El impuesto en cuestión estaría destinado a recaudar fondos con fines sociales. Por ejemplo, para financiar el ingreso mínimo garantido, al que tendrían derecho todos los ciudadanos, independientemente de sus otros ingresos por concepto de sueldos o, en el caso de un patrón, las ganancias lícitas obtenidas de su emprendimiento. De modo que nadie se vería discriminado. Sería, de hecho, una especie de devolución parcial y no voluntaria del valor retenido, no cuantificado en el salario del trabajador. [6]                           

Alguien podría objetar que la medida afectaría a la creación de empleos, puesto que el empleador trataría de reducir sus efectivos a los efectos de ahorrar en el plano contributivo, o impulsaría su conversión a contratistas independientes. En el primer caso, sin embargo, se trataría de una actitud irracional, ya que el empleador perdería los réditos provenientes de la plusvalía, mientras que, en el segundo caso, el patrón perdería su posición dominante frente al personal. Equivale a no adquirir nuevas máquinas para no incurrir en gastos u obtenerlas en arriendo únicamente.  Esto no excluye que en algún momento se produzcan medidas de presión similares, pero únicamente por motivos políticos, a los efectos de crear caos económico y dañar al Estado. Por ello también debería propiciarse la diversificación de las formas de organización económica, a fin de contar con un sector público o cooperativo capaz de reemplazar a las empresas privadas en litigio.

En el marco del debate que tiene lugar en el Frente Amplio actualmente, sería útil tener en cuenta estos temas, particularmente entre los sectores que aspiran a un nuevo orden social. Lamentablemente, es un tema que no une. Aun siendo el Frente la fuerza mejor preparada en el país para asumir la tarea, esta combinación de los conceptos “revolución” y “democracia” suele confundir y cada uno termina dando preferencia al término que le resulte más grato. Para algunos, tras la derrota de noviembre, no solo había que felicitar deportivamente al vencedor, sino incluso “ponerse a su disposición”. Otros, en cambio, creyeron conveniente movilizar a sus huestes para “hacerle la vida imposible". Ambas actitudes son erróneas y dañinas.

¿Es posible el consenso interno en el FA? En todo caso, es la única opción posible. Lo que está en juego es nada menos que el futuro de la democracia, algo demasiado grande en nuestras tradiciones nacionales como para pasarlo por alto.

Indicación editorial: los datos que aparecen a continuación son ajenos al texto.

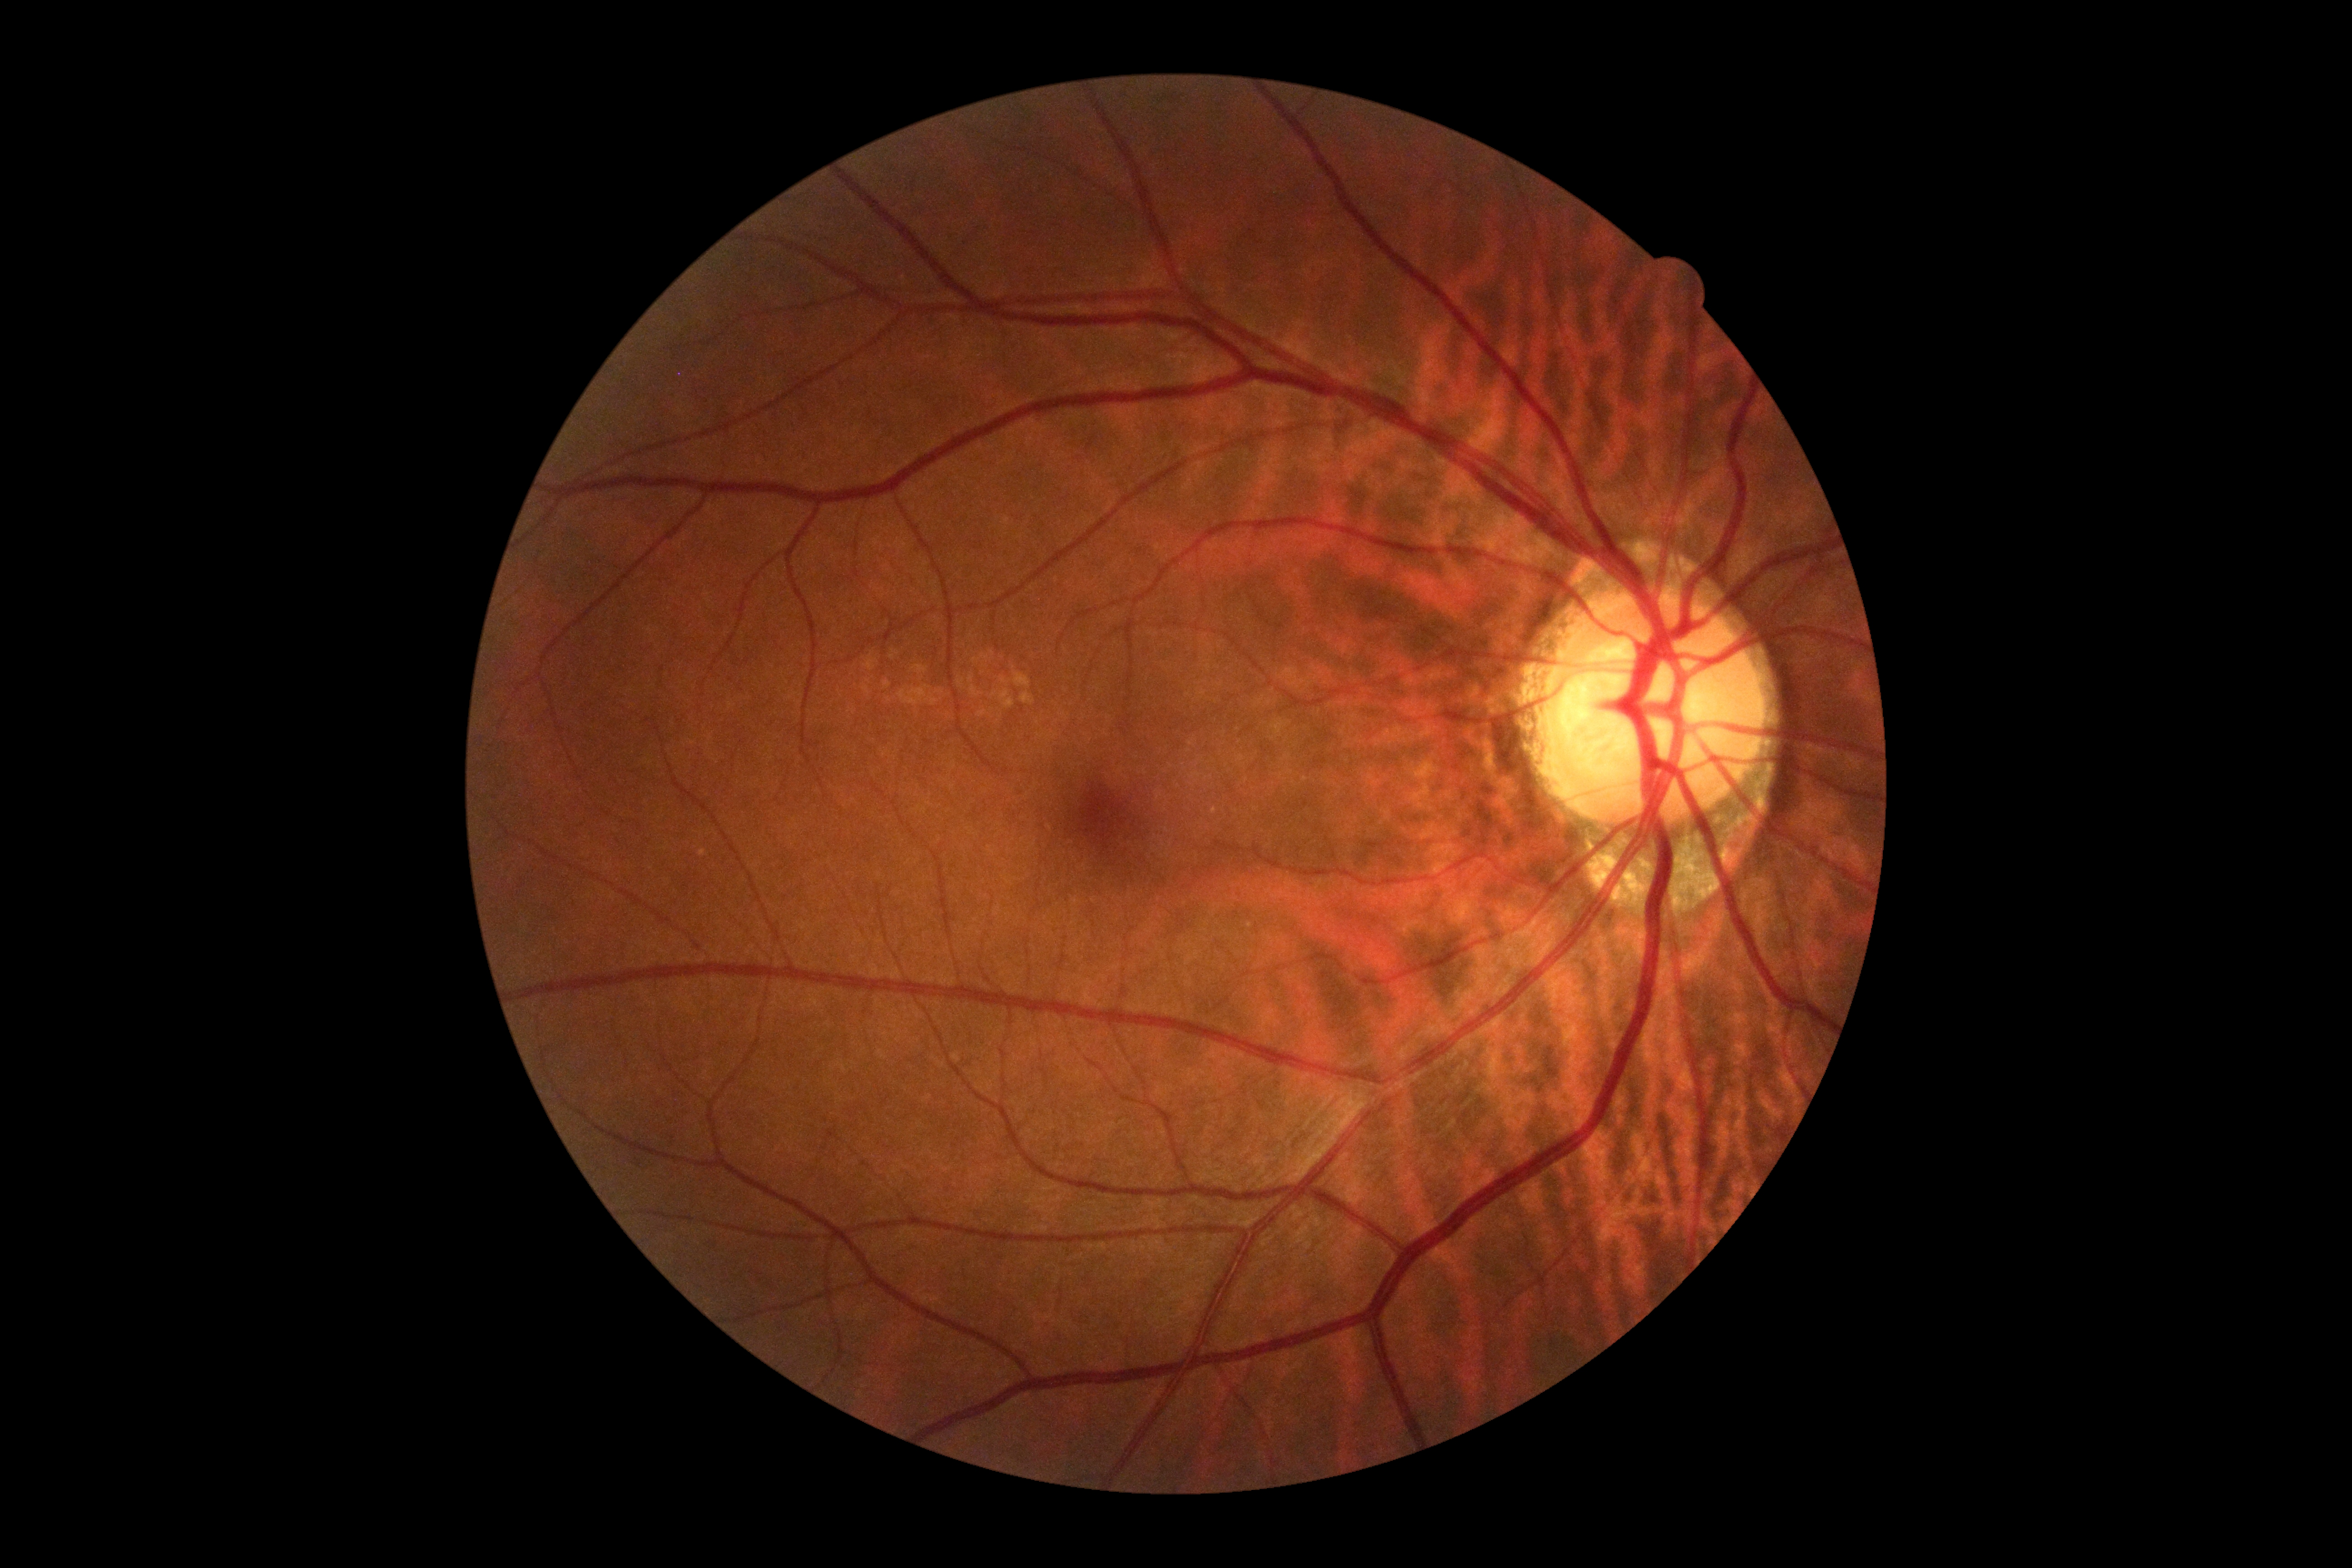

Diabetic retinopathy (DR): grade 0.

Un comentario sobre “Acerca de la “revolución democrática””

  1. «Uno de los mayores desafíos es abatir la desigualdad. Porque una cosa es ser diferentes y otra es ser desiguales. La diversidad es la fuerza de la democracia y la prosperidad, pero la desigualdad es su amenaza.»
    Me parece notable esta expresión tan concisa y tan plena de contenido en un actor político, del que tenemos como legado mucho de lo que ha hecho, pero poco de lo que ha aportado a la teoría política. Y sin embargo, quién nos dice que rebuscando en cada una de sus frecuentes alocuciones no podramos encontrar fórmulas como la citada. Porque este tiempo, según parece, es tiempo de aportes conceptuales para avivar racionalmente la llama de la pasión por el cambio social.